Posted: September 26, 2014 5:25 am

Following the announcement on Thursday by Attorney General Eric Holder that he will be stepping down as the nation’s attorney general, the Innocence Project commends his tremendous leadership in helping to uncover and prevent wrongful convictions. Innocence Project Co-Director Peter Neufeld had the following to say about his service:


Attorney General Holder has been an outstanding advocate for justice in many ways, but under his tenure several things stand out in his leadership to protect the innocent. He took a critical first step in validating and developing scientific standards for forensic practices by helping to establish the first ever National Commission on Forensic Science. Similarly, when it was learned that FBI analysis may have given improper testimony in cases involving hair analysis, he agreed to an unprecedented review of thousands of cases and has steadfastly kept to that promise. And breaking a 20-year stalemate, he has initiated a policy where for the first time government law enforcement officers are required to electronically record interrogations in most instances. His tenure will be unquestionably remembered for his unwavering commitment to fairness and justice.

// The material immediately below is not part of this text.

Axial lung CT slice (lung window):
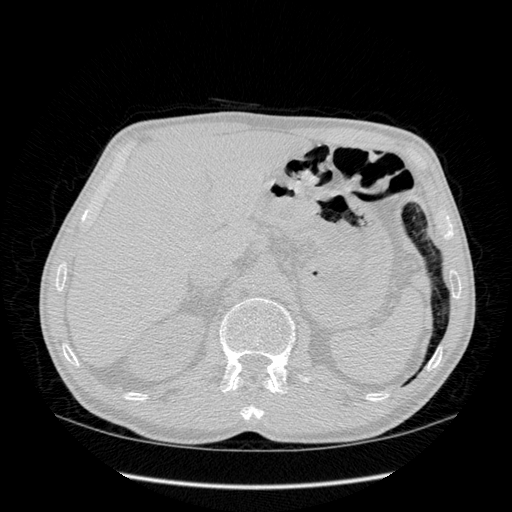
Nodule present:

In addition to his work to protect the innocent, Holder should be commended for his work to improve the criminal justice system more broadly. Just this week, he appeared at a forum hosted by the Brennan Center for Justice where he called for sweeping changes to end over- incarceration. He has been a staunch advocated for fairer sentencing, seeking to end mandatory minimums. Additionally, he has often spoken out about the racial problems that plague the criminal justice system, most recently addressing the killing of the unarmed teenager Michael Brown in Ferguson, Missouri.